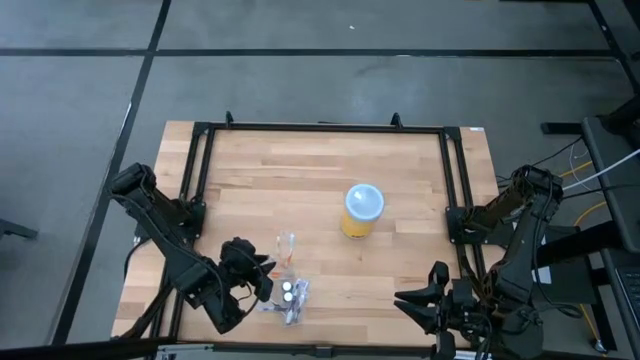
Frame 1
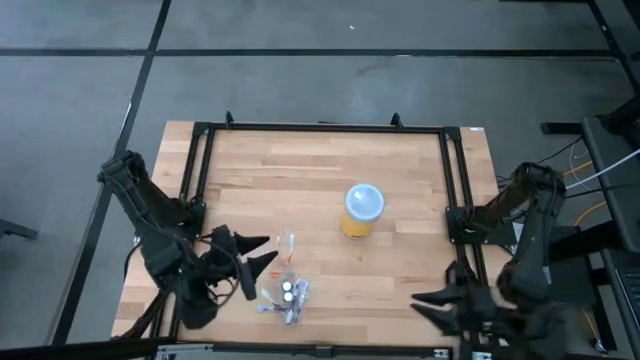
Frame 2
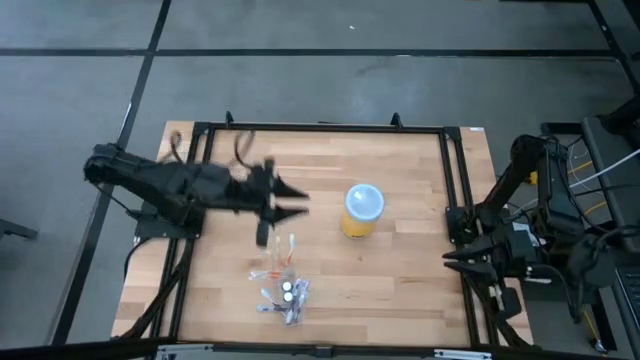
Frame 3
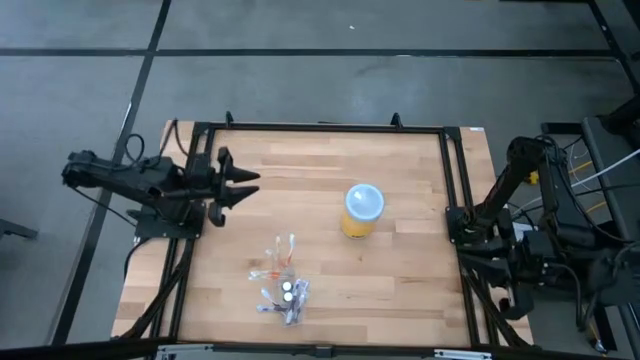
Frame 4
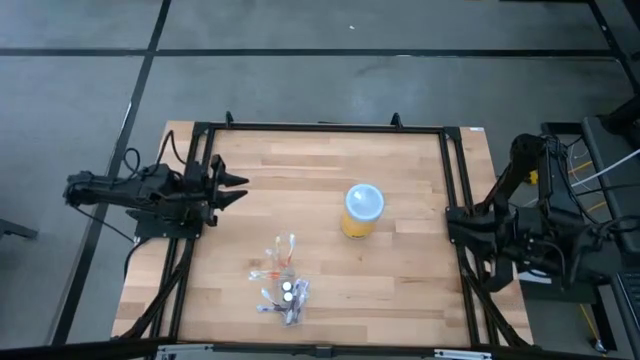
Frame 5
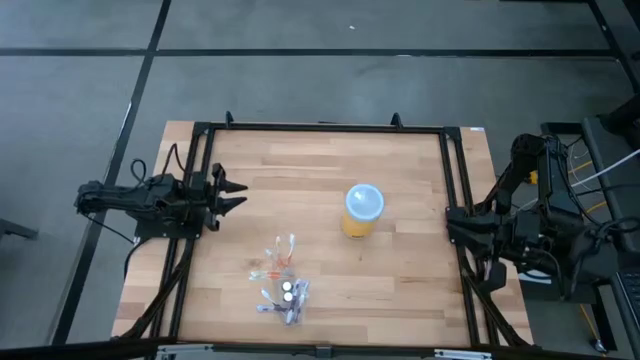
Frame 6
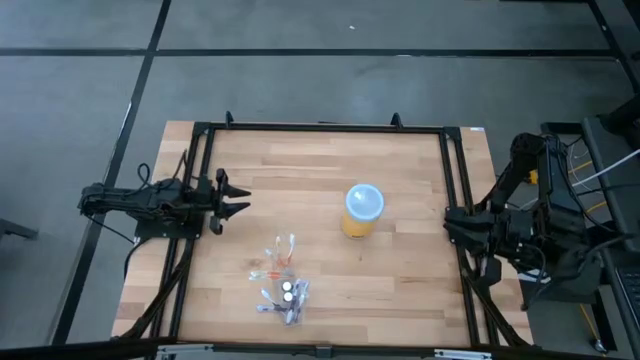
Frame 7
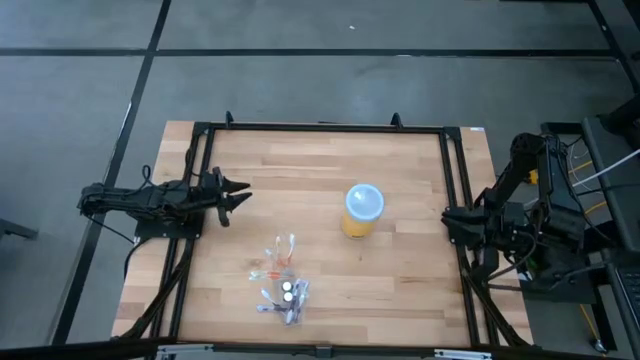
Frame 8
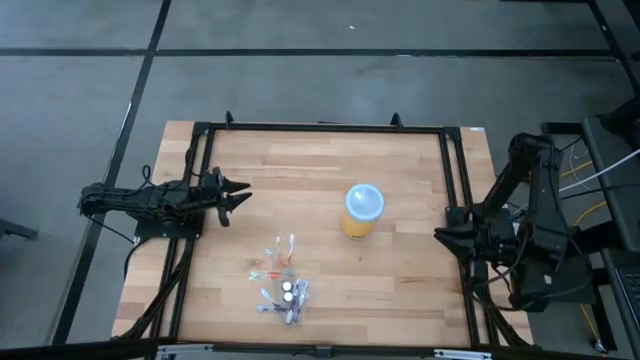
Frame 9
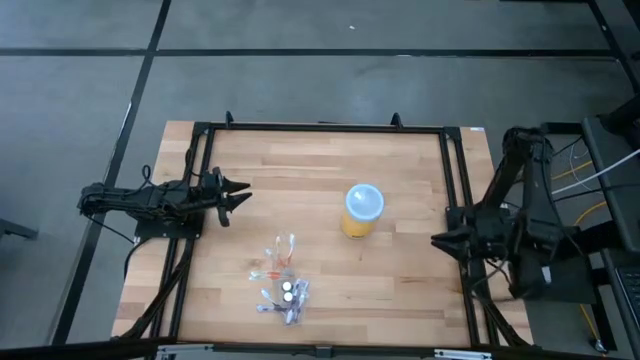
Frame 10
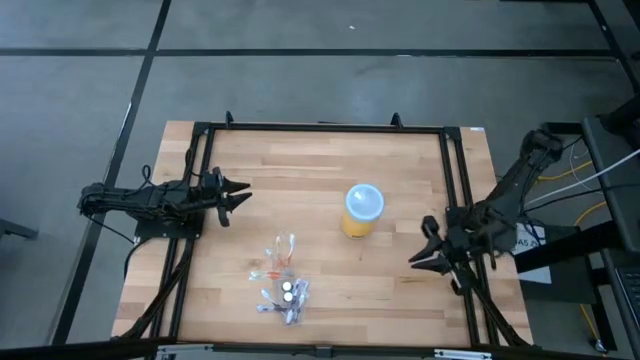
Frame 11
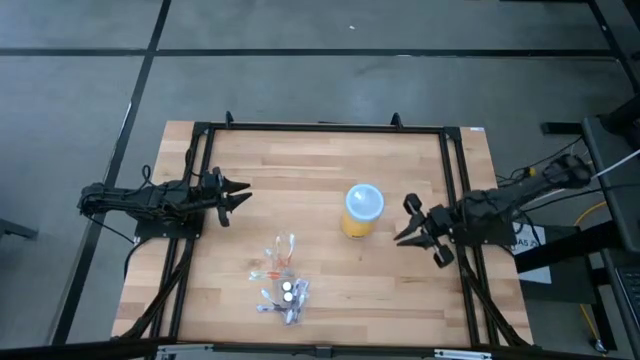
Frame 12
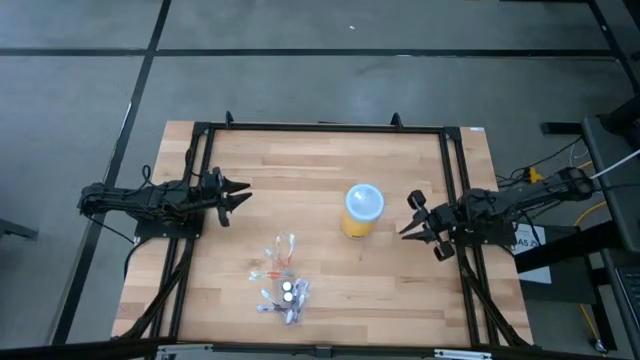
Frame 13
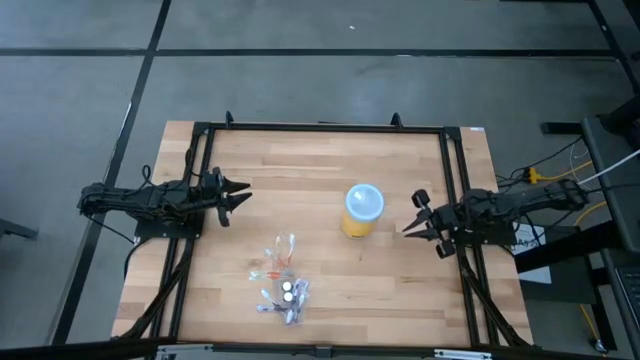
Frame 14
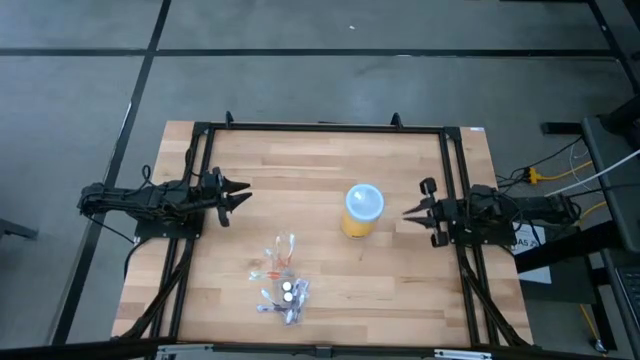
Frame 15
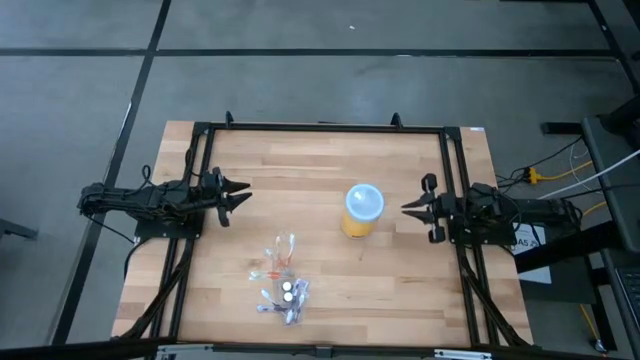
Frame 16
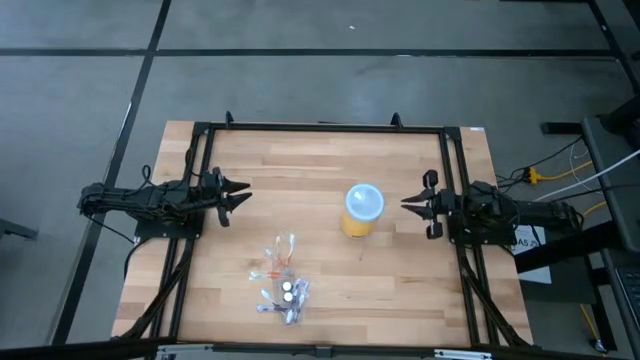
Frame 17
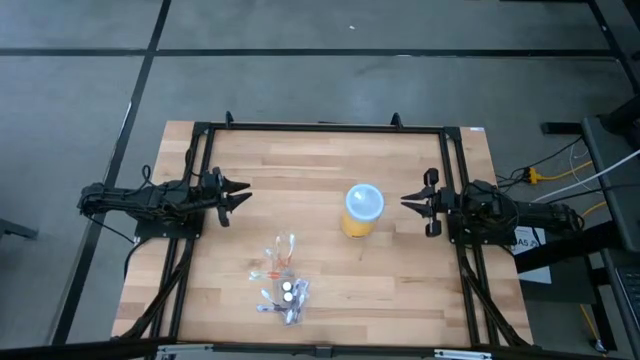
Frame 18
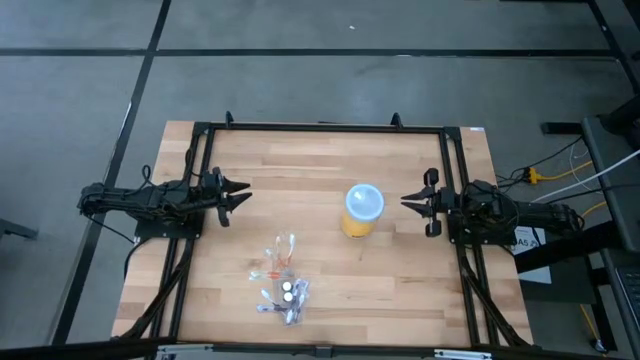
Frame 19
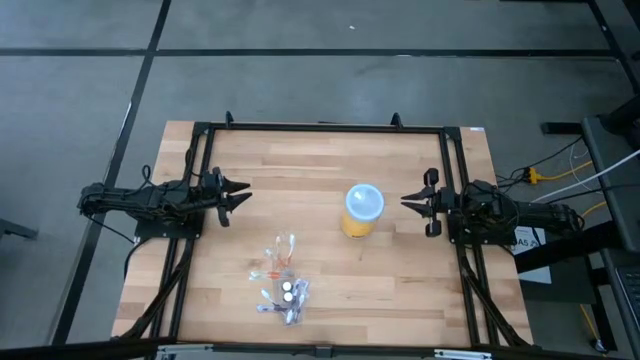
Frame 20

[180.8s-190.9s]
Task: Pick & Place toothbrushing station
Return to Home Position

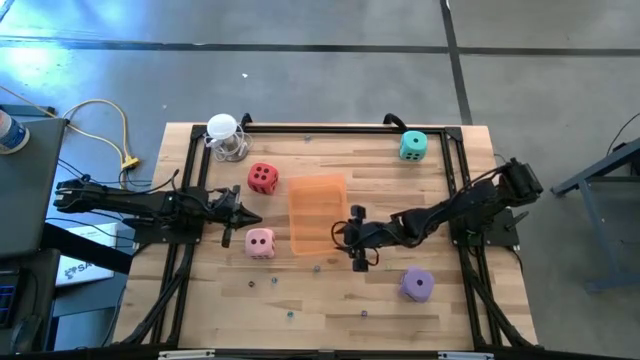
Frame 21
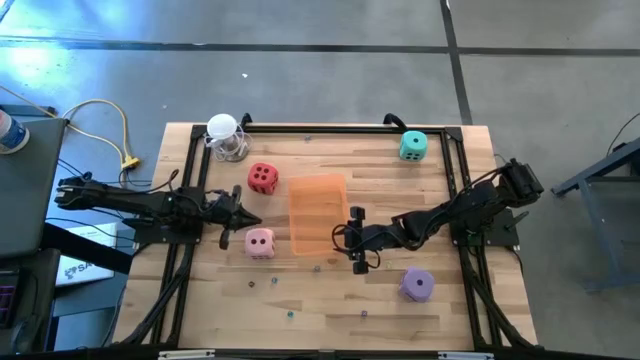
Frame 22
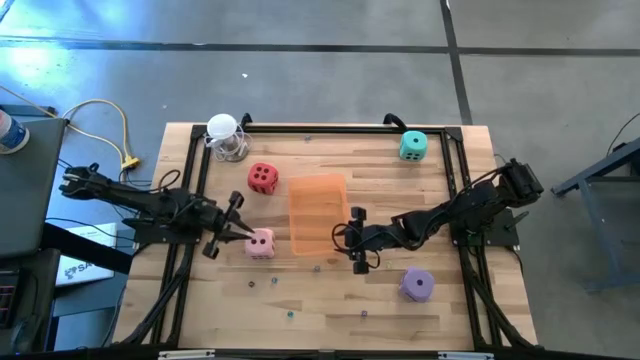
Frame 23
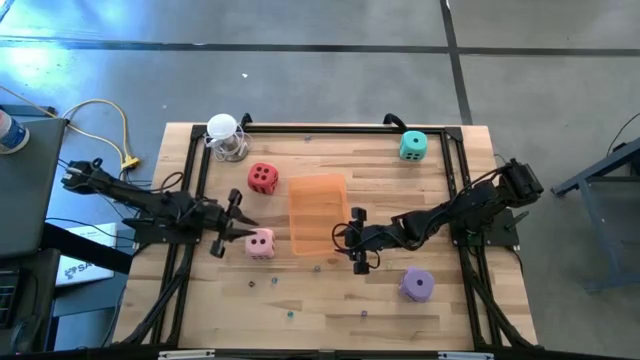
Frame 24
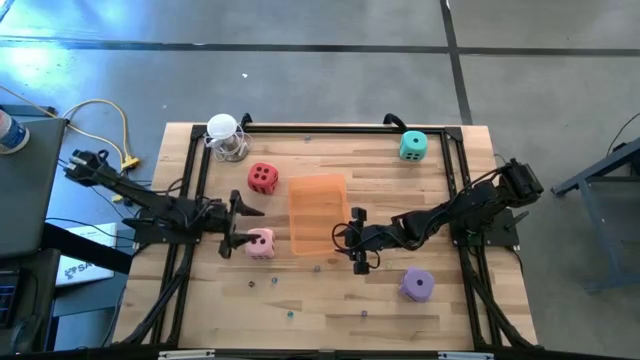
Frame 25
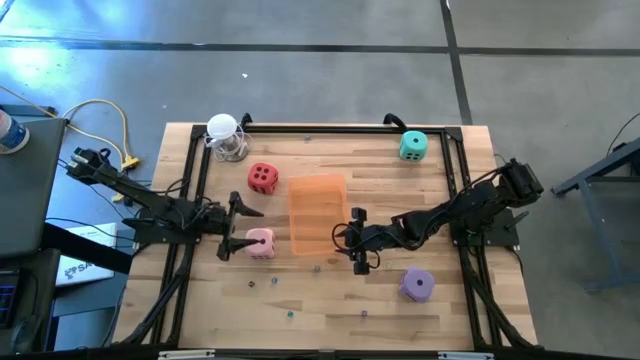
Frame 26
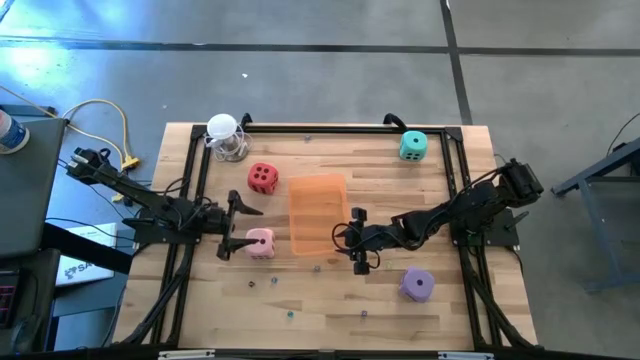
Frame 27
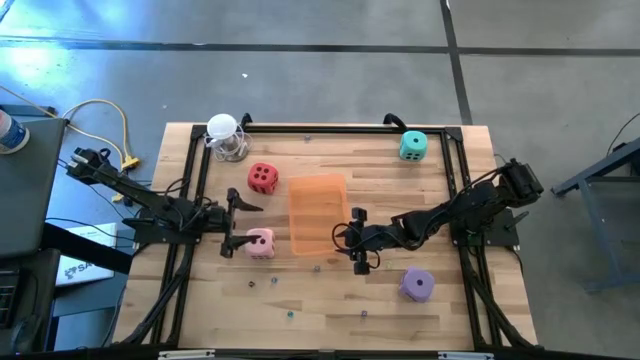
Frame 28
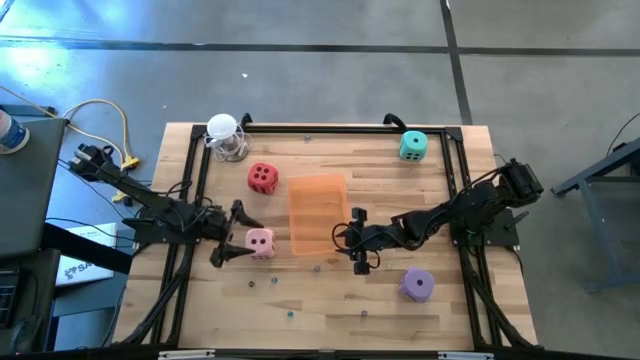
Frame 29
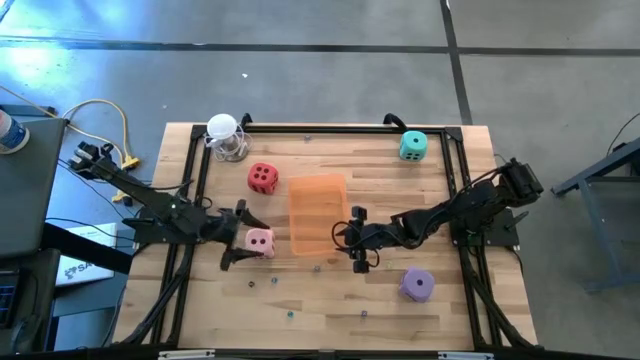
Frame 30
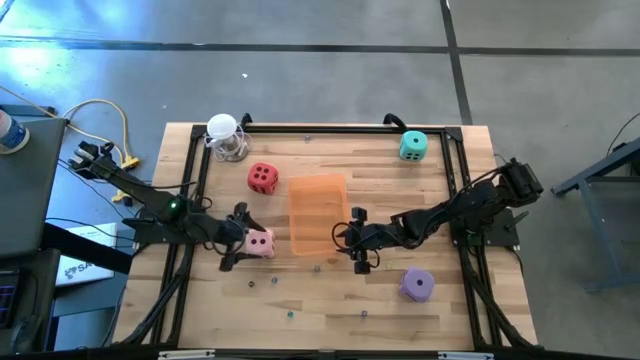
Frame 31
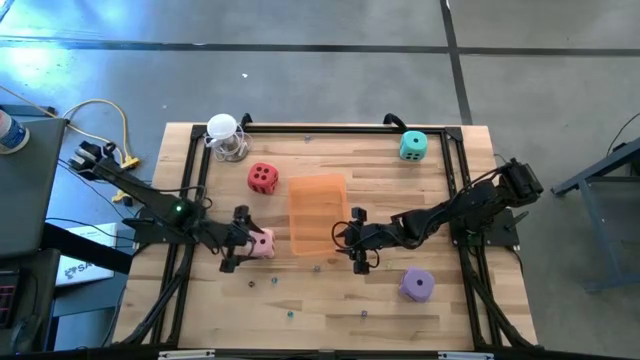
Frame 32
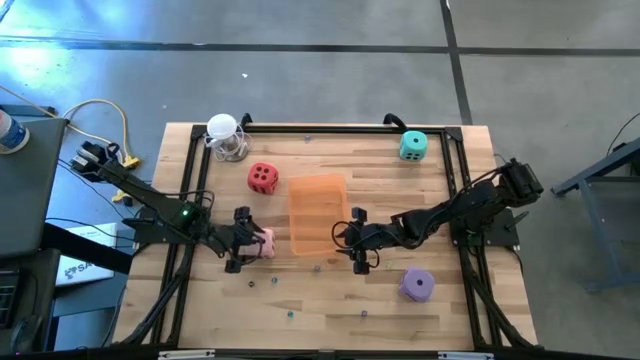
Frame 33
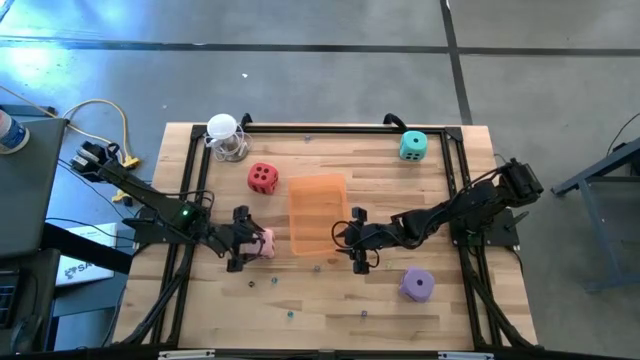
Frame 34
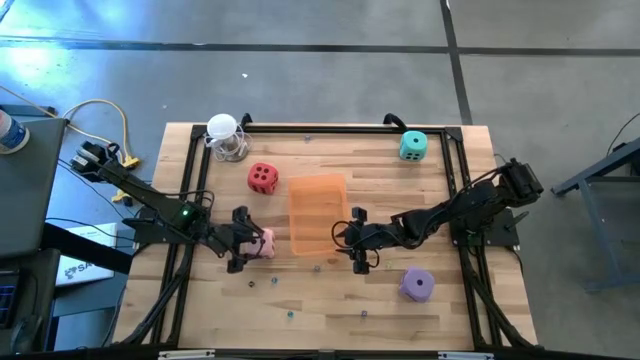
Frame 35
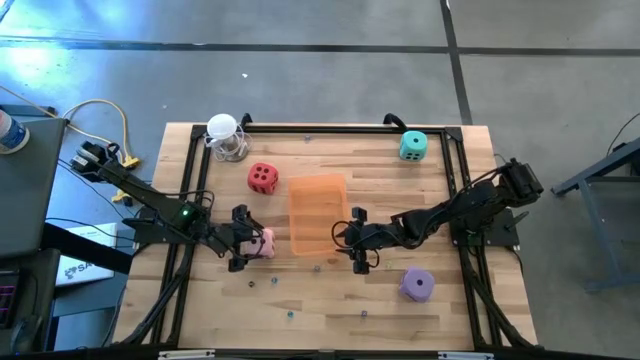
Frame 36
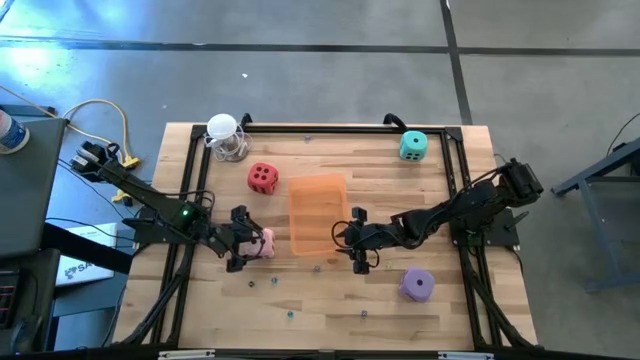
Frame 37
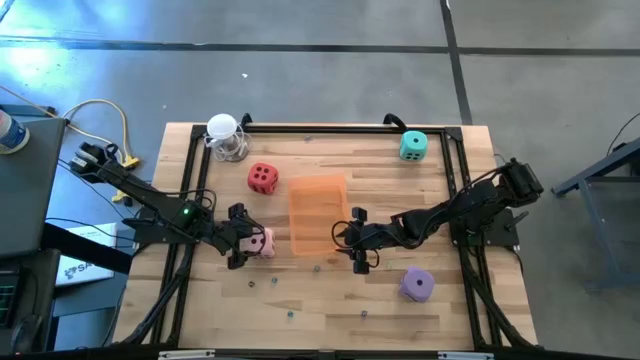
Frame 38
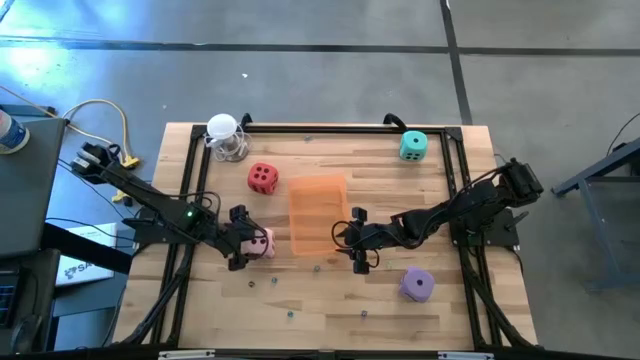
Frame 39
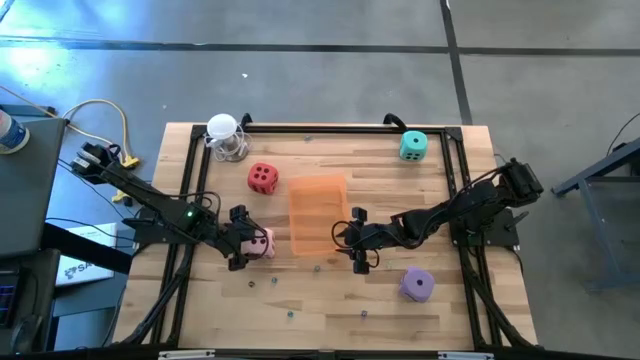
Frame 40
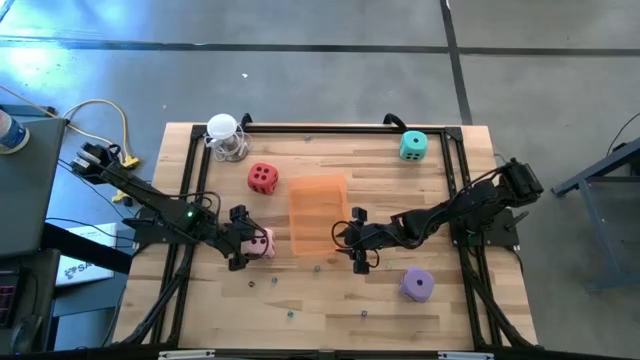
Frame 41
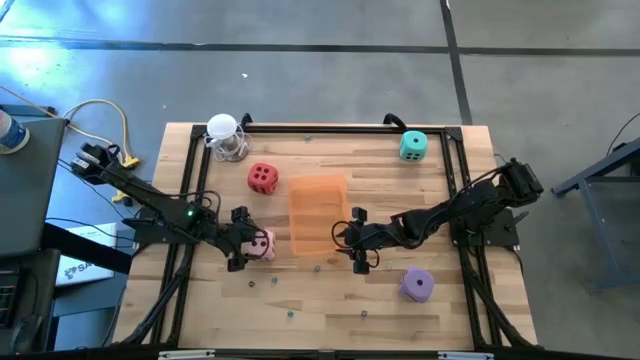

- - - - -

- **What you need to do**: All of the material should be written out again exactly, apart from the pictures.

- **Solution for this exercise**:
Frame 1
Frame 2
Frame 3
Frame 4
Frame 5
Frame 6
Frame 7
Frame 8
Frame 9
Frame 10
Frame 11
Frame 12
Frame 13
Frame 14
Frame 15
Frame 16
Frame 17
Frame 18
Frame 19
Frame 20

[180.8s-190.9s]
Task: Pick & Place toothbrushing station
Return to Home Position

Frame 21
Frame 22
Frame 23
Frame 24
Frame 25
Frame 26
Frame 27
Frame 28
Frame 29
Frame 30
Frame 31
Frame 32
Frame 33
Frame 34
Frame 35
Frame 36
Frame 37
Frame 38
Frame 39
Frame 40
Frame 41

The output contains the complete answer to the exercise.